**WHAT YOU SHOULD DO**
For the data that follows, return each line unchanged and drop the pictures.

**RAW DATA**
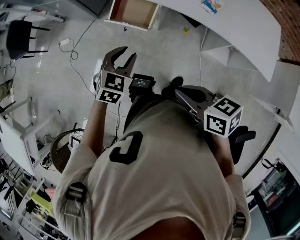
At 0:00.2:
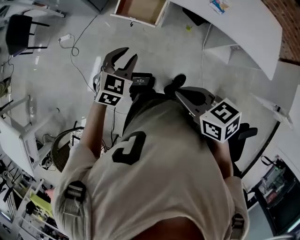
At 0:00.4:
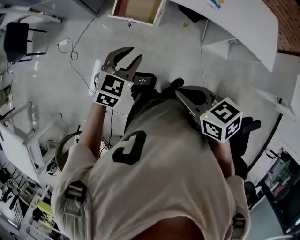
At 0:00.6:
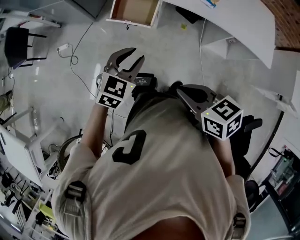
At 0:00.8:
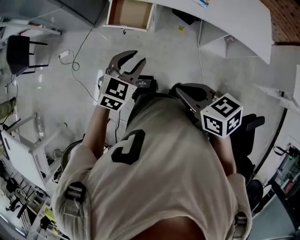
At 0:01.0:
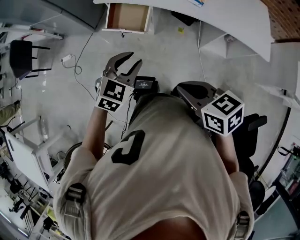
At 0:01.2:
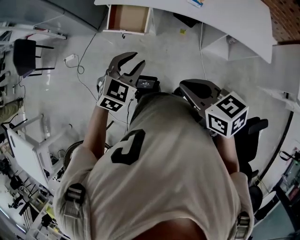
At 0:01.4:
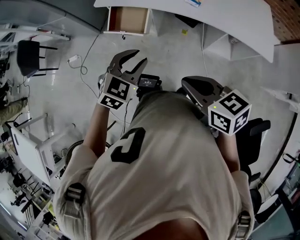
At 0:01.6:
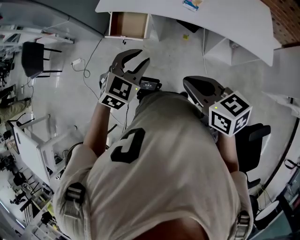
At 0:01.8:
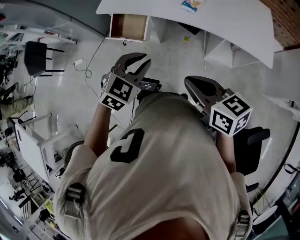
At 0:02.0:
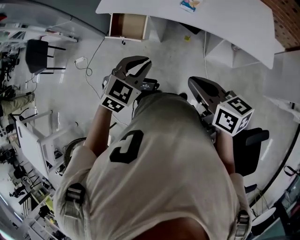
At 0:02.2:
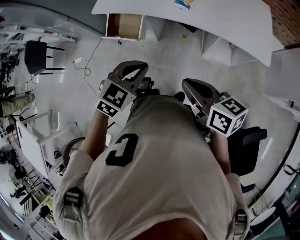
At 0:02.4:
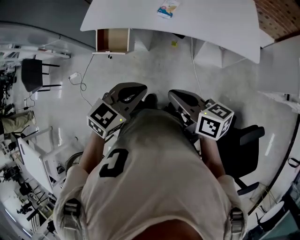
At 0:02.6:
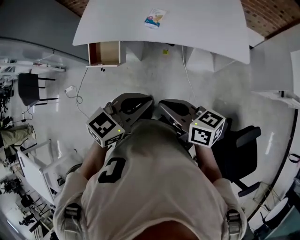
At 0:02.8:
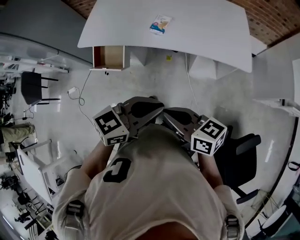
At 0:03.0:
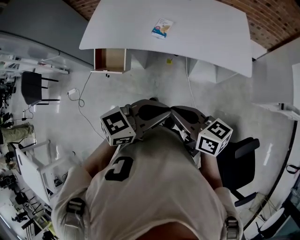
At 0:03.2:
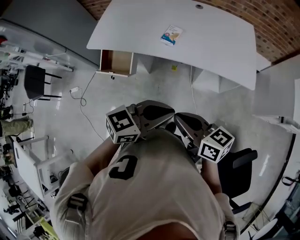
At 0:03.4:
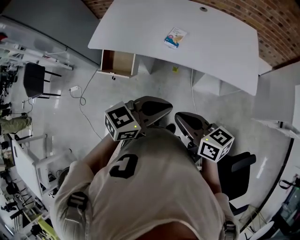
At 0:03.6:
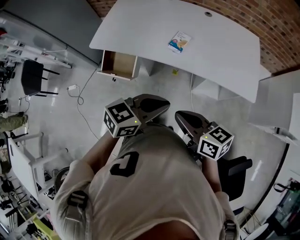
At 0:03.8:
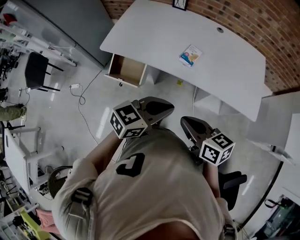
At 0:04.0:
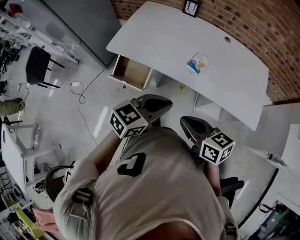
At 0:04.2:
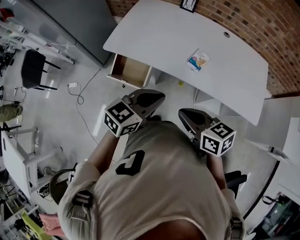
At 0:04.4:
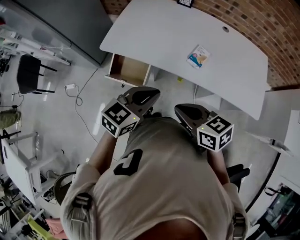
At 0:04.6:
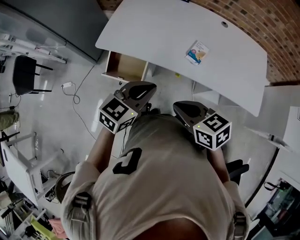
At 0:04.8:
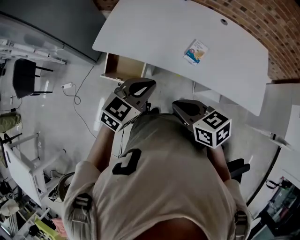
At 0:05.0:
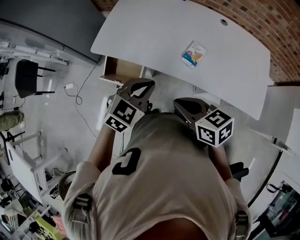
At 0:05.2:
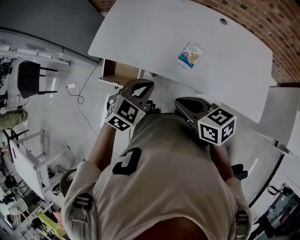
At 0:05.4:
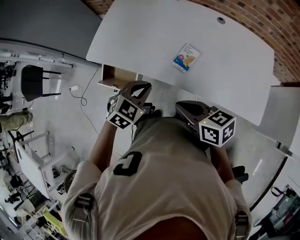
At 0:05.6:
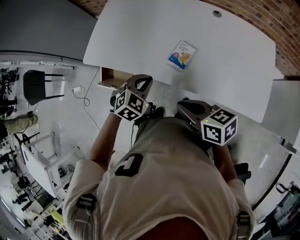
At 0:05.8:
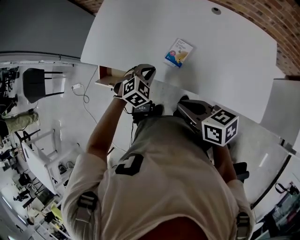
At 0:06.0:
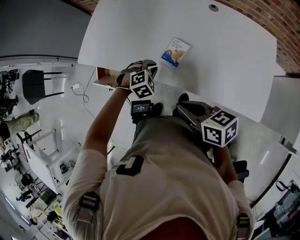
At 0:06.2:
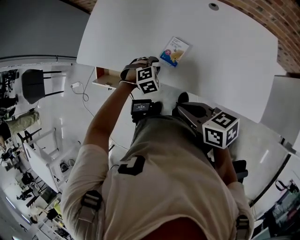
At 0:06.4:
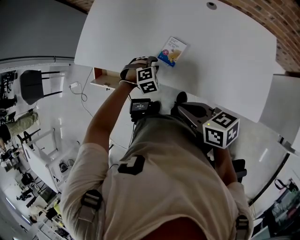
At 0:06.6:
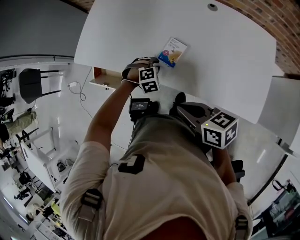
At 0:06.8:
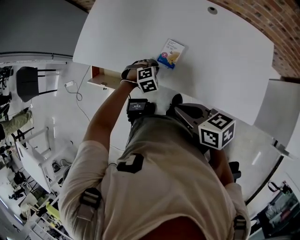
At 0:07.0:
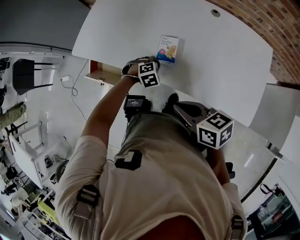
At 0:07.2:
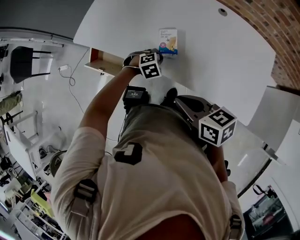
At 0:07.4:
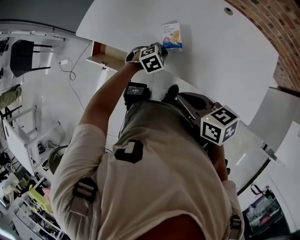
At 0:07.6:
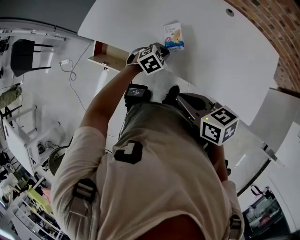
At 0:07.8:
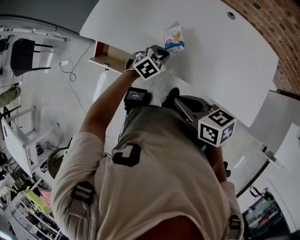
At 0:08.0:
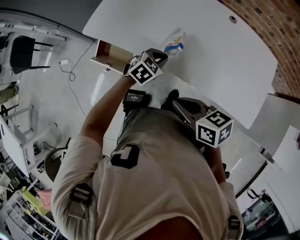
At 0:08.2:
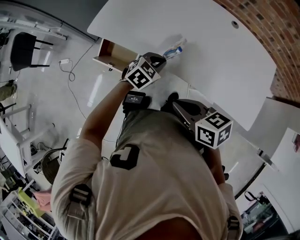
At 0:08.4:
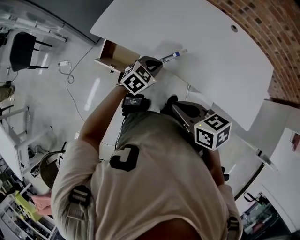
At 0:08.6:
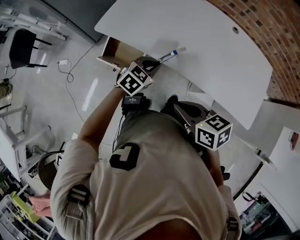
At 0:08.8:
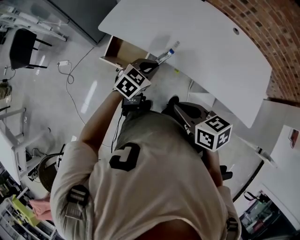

**YOUR SOLUTION**
At 0:00.2:
At 0:00.4:
At 0:00.6:
At 0:00.8:
At 0:01.0:
At 0:01.2:
At 0:01.4:
At 0:01.6:
At 0:01.8:
At 0:02.0:
At 0:02.2:
At 0:02.4:
At 0:02.6:
At 0:02.8:
At 0:03.0:
At 0:03.2:
At 0:03.4:
At 0:03.6:
At 0:03.8:
At 0:04.0:
At 0:04.2:
At 0:04.4:
At 0:04.6:
At 0:04.8:
At 0:05.0:
At 0:05.2:
At 0:05.4:
At 0:05.6:
At 0:05.8:
At 0:06.0:
At 0:06.2:
At 0:06.4:
At 0:06.6:
At 0:06.8:
At 0:07.0:
At 0:07.2:
At 0:07.4:
At 0:07.6:
At 0:07.8:
At 0:08.0:
At 0:08.2:
At 0:08.4:
At 0:08.6:
At 0:08.8:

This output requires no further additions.